Sontekan yang sering bermasalah itu kalau hanya modal salin-tempel secara lugu. Salah satu teknik nyontek adalah dengan membuat parafrasa baru. Caranya, teks dipahami dulu, diolah lagi, kasih bumbu-bumbu sedikit, lalu tuang ke dalam loyang ketikan, jadilah. Cara lainnya adalah dengan; ambil semua tulisan secara utuh lalu ubah kata per kata, frasa per frasa. Setelah itu, gantilah dengan yang lain, yang mirip atau sepadan sesuai dengan tema dan gagasan.

Berikut ini ada tiga paragraf yang saya lampirkan. Secara susunan, satu sama lainnya sama, hanya ada perubahan pada kata per kata, frasa per frasa. Selamat mencoba, tapi jangan coba-coba!


USTAD SUHO

Setelah selama setahun lebih sebulan belajar secara otodidak lewat medsos dan kitab-kitab terjemahan, sekarang Suho sudah mulai tampil di balik mimbar, menyampaikan fatwa ini dan itu. Karena beruntung bisa masuk televisi, dakwahnya semakin hari semakin tersebar luas. Atas prestasinya ini, Suho mendapatkan gelar baru: Ustad Suho.

Muis, begitu juga banyak orang lainnya, mengagumi keberhasilan Suho hanya dengan satu kriteria: Suho punya banyak pengikut di media sosial meskipun itu bukan orang sungguhan alias akun-akunan. Kata Muis, ini adalah satu pertanda bahwa Suho memang pintar. Buktinya, ia mampu belajar agama dengan cepat dan kini sudah punya banyak penggemar/langganan. Bukankah kenyataan ini sudah cukup menjadi bukti bahwa semua yang disampaikan Suho itu benar adanya?

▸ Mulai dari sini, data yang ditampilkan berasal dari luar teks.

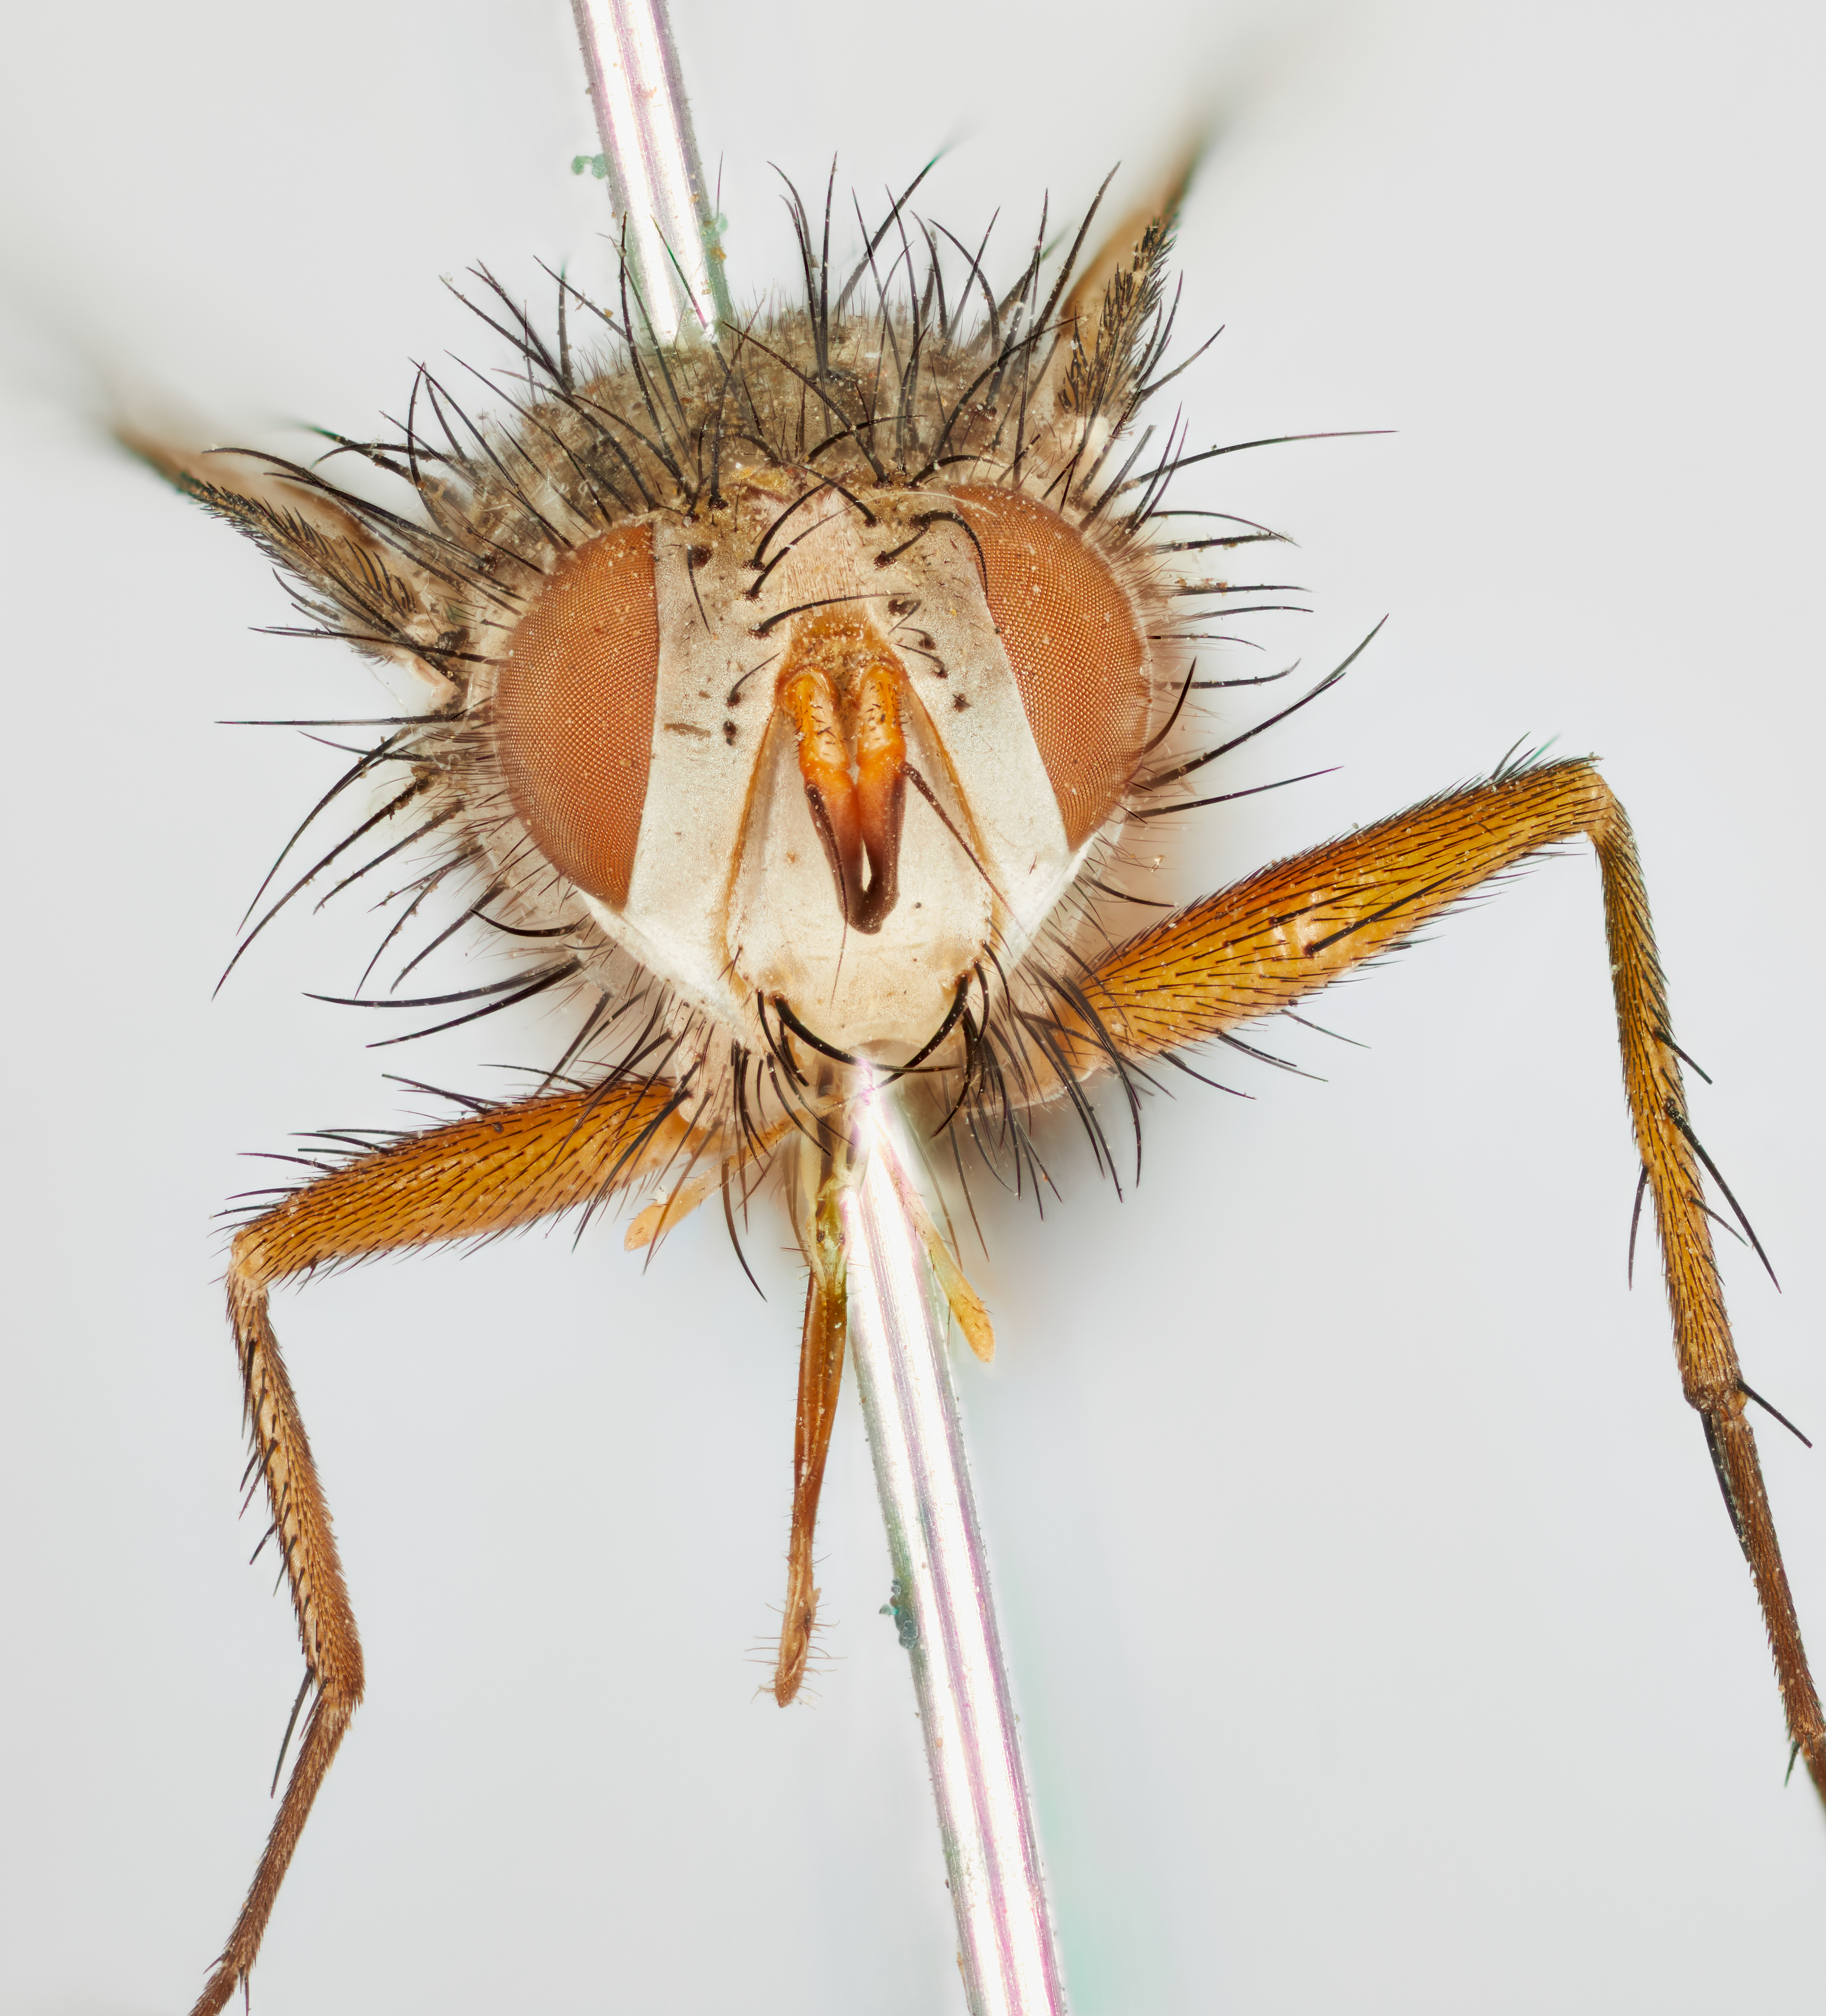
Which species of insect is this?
Drepanoglossa venatoris

Di tempat lain, keberadaan Suho telah membuat galau Hamdi yang selama 10 tahun mengaji tafsir dan balaghah Alquran saja masih belum mampu menyesat-nyesatkan temannya yang tidak sepaham dengannya. Hamdi juga sudah belajar ushul, qiyas/analogi, balaghah, tafsir, dll, tapi tidak terkenal juga, tidak punya jamaah, sedangkan yang baru 1-2 tahun sudah ngetop minta ampun. Apa nggak bikin baper yang begituan itu?

DRIVER SUHO

Setelah selama setahun lebih sebulan belajar secara otodidak di lapangan dan video tutorial, sekarang Suho sudah berani duduk di belakang kemudi, menjalankan mobil ke sana ke mari. Karena beruntung bisa beli mobil sekaligus ‘beli’ SIM, daya jelajahnya semakin hari semakin jauh saja. Atas kemampuannya ini, Suho mendapatkan gelar baru: Driver Suho.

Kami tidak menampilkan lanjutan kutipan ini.